*Task statement*. Omitting all pictures, retype the entries below exactly as given.

---

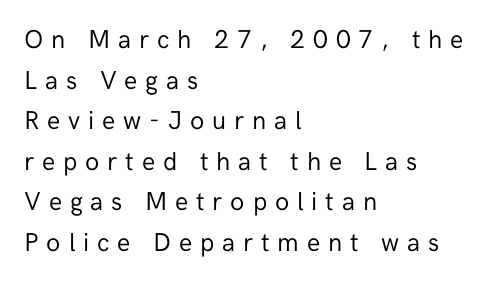
Q: Is the text bold? A: No.
Q: Is the text italic (slanted)? A: No, it is upright.
Q: Is the text underlined? A: No.
Q: How is the paragraph aligned? A: Left-aligned.
Q: Is the spacing between letters normal or unusually wide? A: Unusually wide.
Q: Is the spacing between lines tight, normal or loose? A: Normal.
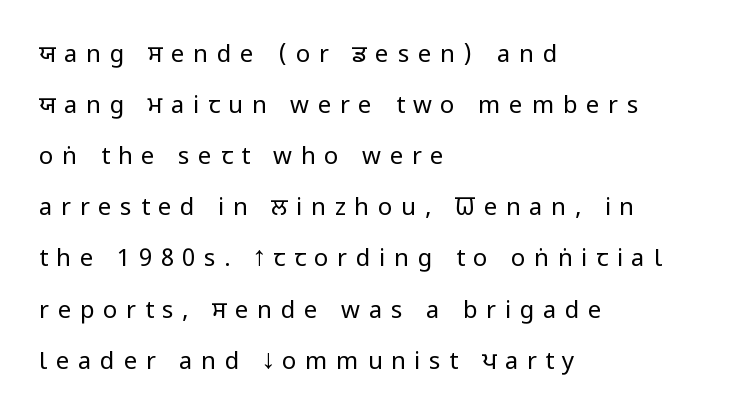
The image shows 24 px text type, upright; set left-aligned, loose line spacing (2.13x), unusually wide letter spacing (+0.36 em), not underlined.
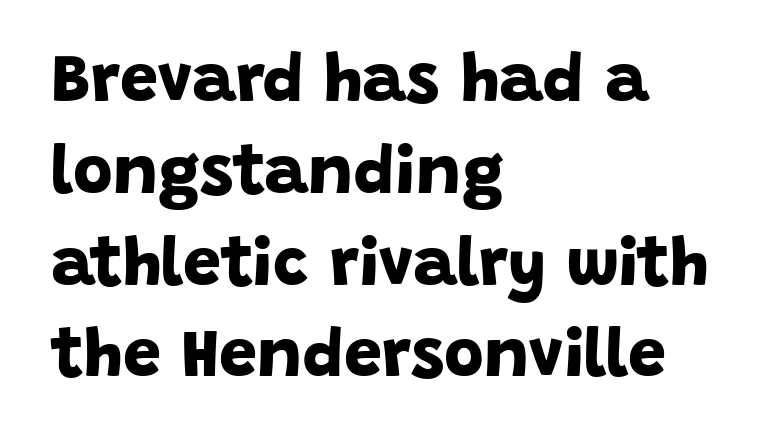
The image shows 68 px bold sans-serif type; set left-aligned, normal line spacing (1.35x), normal letter spacing, not underlined; low stroke contrast and a large x-height.
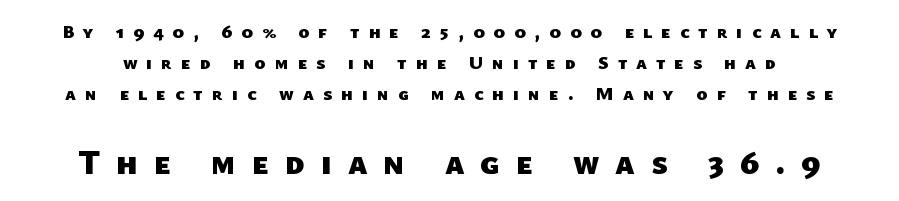
Q: Is the text bold? A: Yes.
Q: Is the typeface a serif or a sans-serif typeface? A: Sans-serif.
Q: Is the text underlined? A: No.
Q: Is the spacing between letters normal or unusually wide? A: Unusually wide.
Q: Is the spacing between lines tight, normal or loose? A: Normal.
Q: Which block of text is set in a larger size, the first (top) or the second (bottom)? A: The second (bottom) one.
Q: Width (condensed, normal, or wide)? A: Normal.
Q: Stroke contrast? A: Low.
Q: x-height? A: Medium.
Q: Monospaced? A: No.
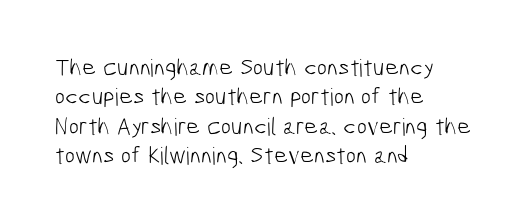
{"bold": "no", "underline": "no", "align": "left", "line_spacing_ratio": 1.22, "letter_spacing": "normal", "letter_spacing_em": 0.0, "glyph_px": 24}
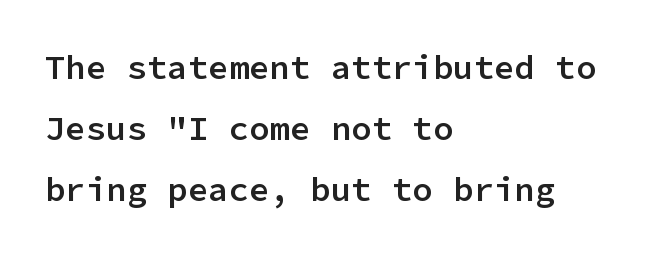
The paragraph has a hard left edge and a soft right edge. The horizontal fit of the characters is conventional and even. The face used here is a sans, in the tradition of grotesques and geometrics. Rule under the text: the space is simply empty.
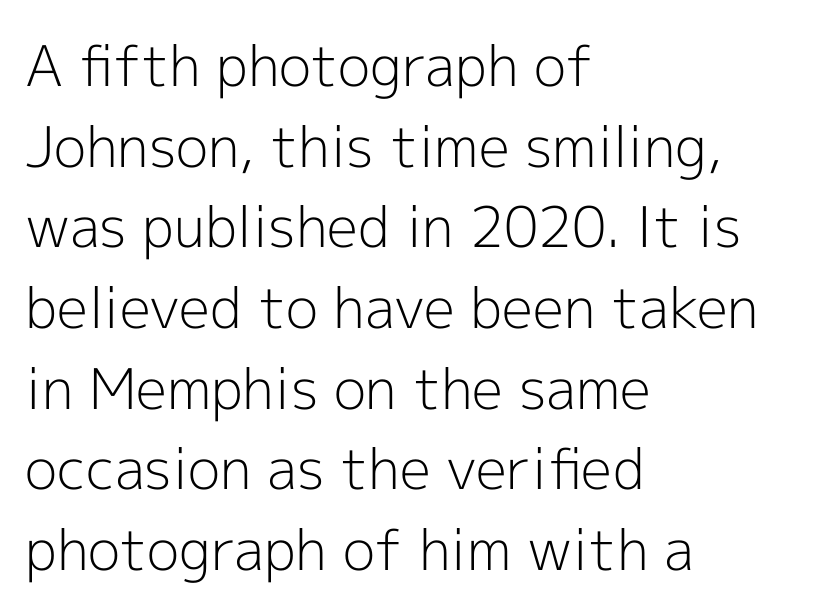
The image shows 56 px light sans-serif type, upright; set left-aligned, normal line spacing (1.44x), normal letter spacing, not underlined; a medium x-height.
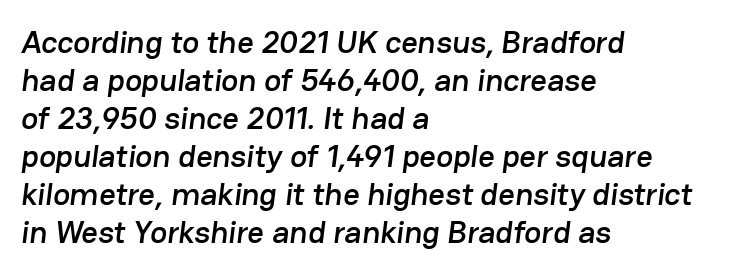
The image shows 32 px sans-serif type; set left-aligned, line spacing 1.19x, normal letter spacing, not underlined; low stroke contrast and a medium x-height.
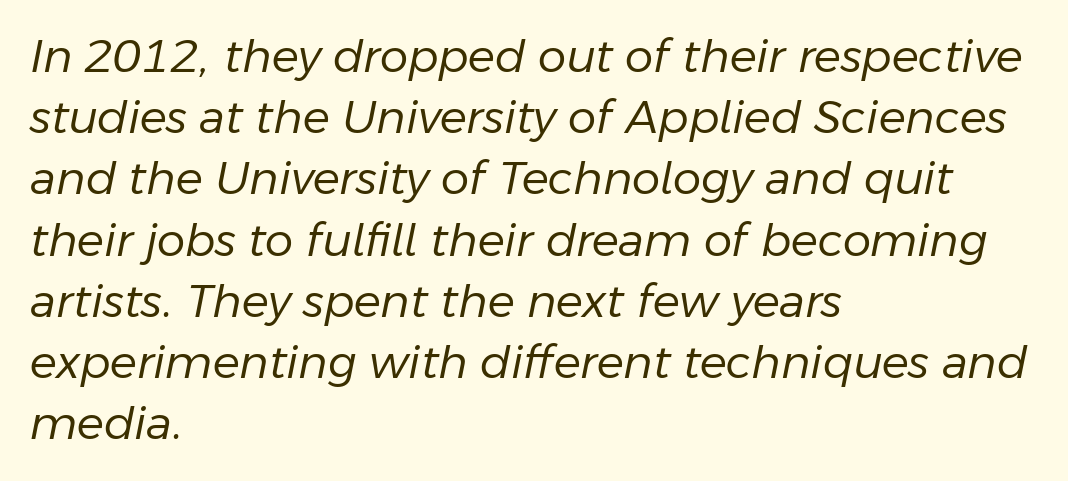
This rendering uses left alignment, leaving the right contour irregular. Descender tails drop into unmarked territory. A light-to-regular cut is what we see here. Each letter keeps its own natural width here, so spacing adapts to shape. Each word holds together tightly as a unit, with standard inter-letter gaps. This sample uses an oblique cut, with every glyph tilted off the vertical.
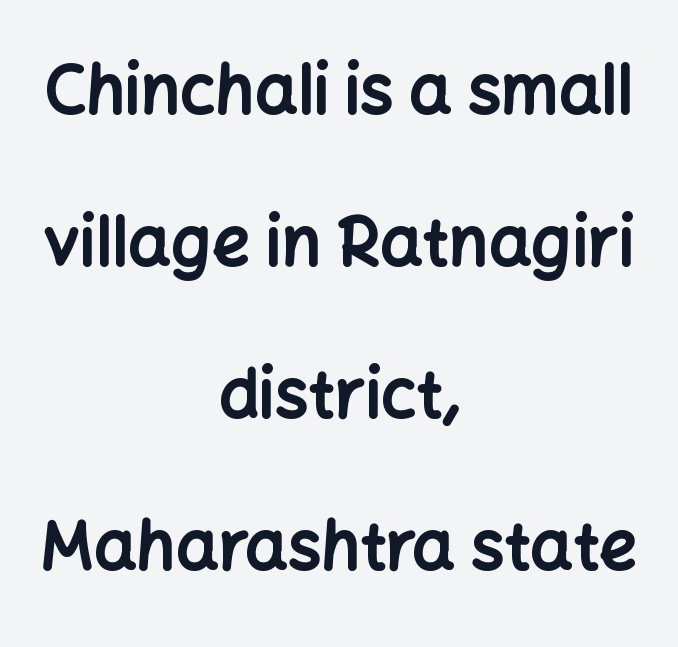
Q: Is the text bold? A: Yes.
Q: Is the text italic (slanted)? A: No, it is upright.
Q: Is the typeface a serif or a sans-serif typeface? A: Sans-serif.
Q: Is the text underlined? A: No.
Q: How is the paragraph aligned? A: Centered.
Q: Is the spacing between letters normal or unusually wide? A: Normal.
Q: Is the spacing between lines tight, normal or loose? A: Loose.
Q: Width (condensed, normal, or wide)? A: Normal.
Q: Stroke contrast? A: Low.
Q: x-height? A: Medium.
Q: Monospaced? A: No.
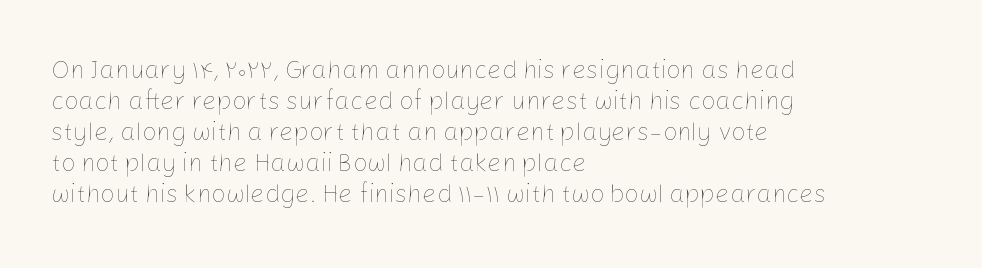
A light-to-regular cut is what we see here. Clear beneath every line of the passage. Vertical strokes here are truly vertical. The passage shown has conventional tracking throughout. Leftover space on each line is placed entirely after the last word.
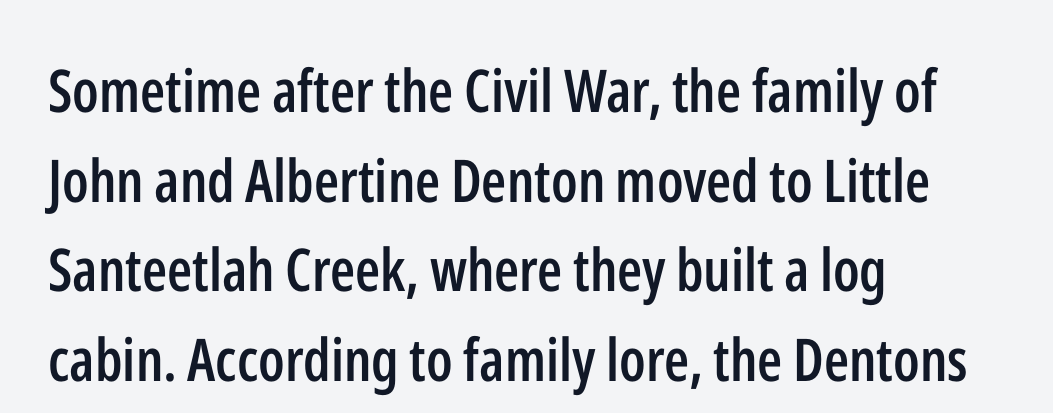
Q: Is the text bold? A: Semi-bold.
Q: Is the text italic (slanted)? A: No, it is upright.
Q: Is the typeface a serif or a sans-serif typeface? A: Sans-serif.
Q: Is the text underlined? A: No.
Q: How is the paragraph aligned? A: Left-aligned.
Q: Is the spacing between letters normal or unusually wide? A: Normal.
Q: Is the spacing between lines tight, normal or loose? A: Normal.
Q: Width (condensed, normal, or wide)? A: Condensed.
Q: Stroke contrast? A: Low.
Q: x-height? A: Medium.
Q: Monospaced? A: No.
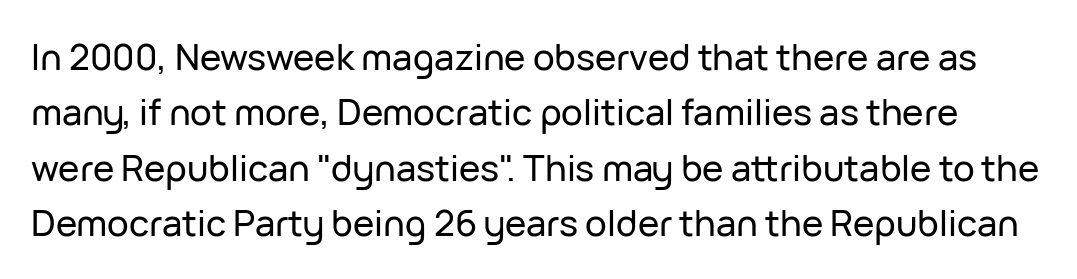
The line texture is even and compact thanks to regular tracking. The specimen omits any rule beneath the text block's lines. If you measured baseline to baseline, you'd find a middling distance. Note the varied advance widths — an 'i' is clearly narrower than an 'm'. The axis of the letterforms is exactly vertical.
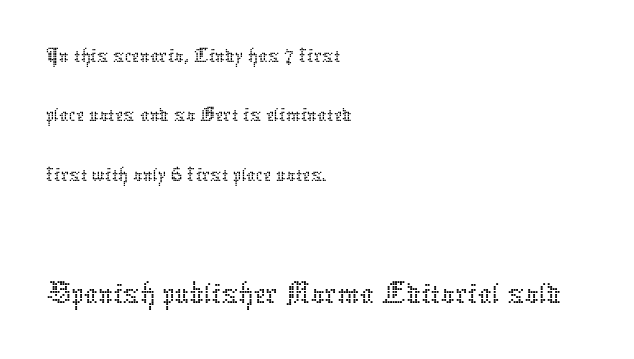
The designer left line spacing at the default. Horizontally, the lines are justified to the leading edge only. When letters stand straight like this, we call the style roman or upright. The passage shown is not underscored anywhere. Each stroke keeps to a modest, everyday thickness or less.
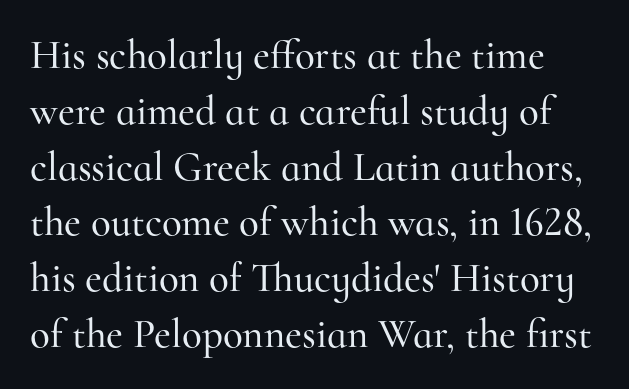
Q: Is the text italic (slanted)? A: No, it is upright.
Q: Is the typeface a serif or a sans-serif typeface? A: Serif.
Q: Is the text underlined? A: No.
Q: Is the spacing between letters normal or unusually wide? A: Normal.
Q: Is the spacing between lines tight, normal or loose? A: Normal.
Q: Width (condensed, normal, or wide)? A: Normal.
Q: Stroke contrast? A: High.
Q: x-height? A: Small.
Q: Monospaced? A: No.

---

*Result of this task*.
Q: Is the text bold? A: No.
Q: Is the text italic (slanted)? A: No, it is upright.
Q: Is the text underlined? A: No.
Q: How is the paragraph aligned? A: Left-aligned.
Q: Is the spacing between letters normal or unusually wide? A: Unusually wide.
Q: Is the spacing between lines tight, normal or loose? A: Normal.
The image shows 24 px text type, upright; set left-aligned, loose line spacing (2.13x), unusually wide letter spacing (+0.36 em), not underlined.
The image shows 68 px bold sans-serif type; set left-aligned, normal line spacing (1.35x), normal letter spacing, not underlined; low stroke contrast and a large x-height.
Q: Is the text bold? A: Yes.
Q: Is the typeface a serif or a sans-serif typeface? A: Sans-serif.
Q: Is the text underlined? A: No.
Q: Is the spacing between letters normal or unusually wide? A: Unusually wide.
Q: Is the spacing between lines tight, normal or loose? A: Normal.
Q: Which block of text is set in a larger size, the first (top) or the second (bottom)? A: The second (bottom) one.
Q: Width (condensed, normal, or wide)? A: Normal.
Q: Stroke contrast? A: Low.
Q: x-height? A: Medium.
Q: Monospaced? A: No.
{"bold": "no", "underline": "no", "align": "left", "line_spacing_ratio": 1.22, "letter_spacing": "normal", "letter_spacing_em": 0.0, "glyph_px": 24}
The paragraph has a hard left edge and a soft right edge. The horizontal fit of the characters is conventional and even. The face used here is a sans, in the tradition of grotesques and geometrics. Rule under the text: the space is simply empty.
The image shows 56 px light sans-serif type, upright; set left-aligned, normal line spacing (1.44x), normal letter spacing, not underlined; a medium x-height.
The image shows 32 px sans-serif type; set left-aligned, line spacing 1.19x, normal letter spacing, not underlined; low stroke contrast and a medium x-height.
This rendering uses left alignment, leaving the right contour irregular. Descender tails drop into unmarked territory. A light-to-regular cut is what we see here. Each letter keeps its own natural width here, so spacing adapts to shape. Each word holds together tightly as a unit, with standard inter-letter gaps. This sample uses an oblique cut, with every glyph tilted off the vertical.
Q: Is the text bold? A: Yes.
Q: Is the text italic (slanted)? A: No, it is upright.
Q: Is the typeface a serif or a sans-serif typeface? A: Sans-serif.
Q: Is the text underlined? A: No.
Q: How is the paragraph aligned? A: Centered.
Q: Is the spacing between letters normal or unusually wide? A: Normal.
Q: Is the spacing between lines tight, normal or loose? A: Loose.
Q: Width (condensed, normal, or wide)? A: Normal.
Q: Stroke contrast? A: Low.
Q: x-height? A: Medium.
Q: Monospaced? A: No.
A light-to-regular cut is what we see here. Clear beneath every line of the passage. Vertical strokes here are truly vertical. The passage shown has conventional tracking throughout. Leftover space on each line is placed entirely after the last word.
Q: Is the text bold? A: Semi-bold.
Q: Is the text italic (slanted)? A: No, it is upright.
Q: Is the typeface a serif or a sans-serif typeface? A: Sans-serif.
Q: Is the text underlined? A: No.
Q: How is the paragraph aligned? A: Left-aligned.
Q: Is the spacing between letters normal or unusually wide? A: Normal.
Q: Is the spacing between lines tight, normal or loose? A: Normal.
Q: Width (condensed, normal, or wide)? A: Condensed.
Q: Stroke contrast? A: Low.
Q: x-height? A: Medium.
Q: Monospaced? A: No.
The line texture is even and compact thanks to regular tracking. The specimen omits any rule beneath the text block's lines. If you measured baseline to baseline, you'd find a middling distance. Note the varied advance widths — an 'i' is clearly narrower than an 'm'. The axis of the letterforms is exactly vertical.
The designer left line spacing at the default. Horizontally, the lines are justified to the leading edge only. When letters stand straight like this, we call the style roman or upright. The passage shown is not underscored anywhere. Each stroke keeps to a modest, everyday thickness or less.
Q: Is the text italic (slanted)? A: No, it is upright.
Q: Is the typeface a serif or a sans-serif typeface? A: Serif.
Q: Is the text underlined? A: No.
Q: Is the spacing between letters normal or unusually wide? A: Normal.
Q: Is the spacing between lines tight, normal or loose? A: Normal.
Q: Width (condensed, normal, or wide)? A: Normal.
Q: Stroke contrast? A: High.
Q: x-height? A: Small.
Q: Monospaced? A: No.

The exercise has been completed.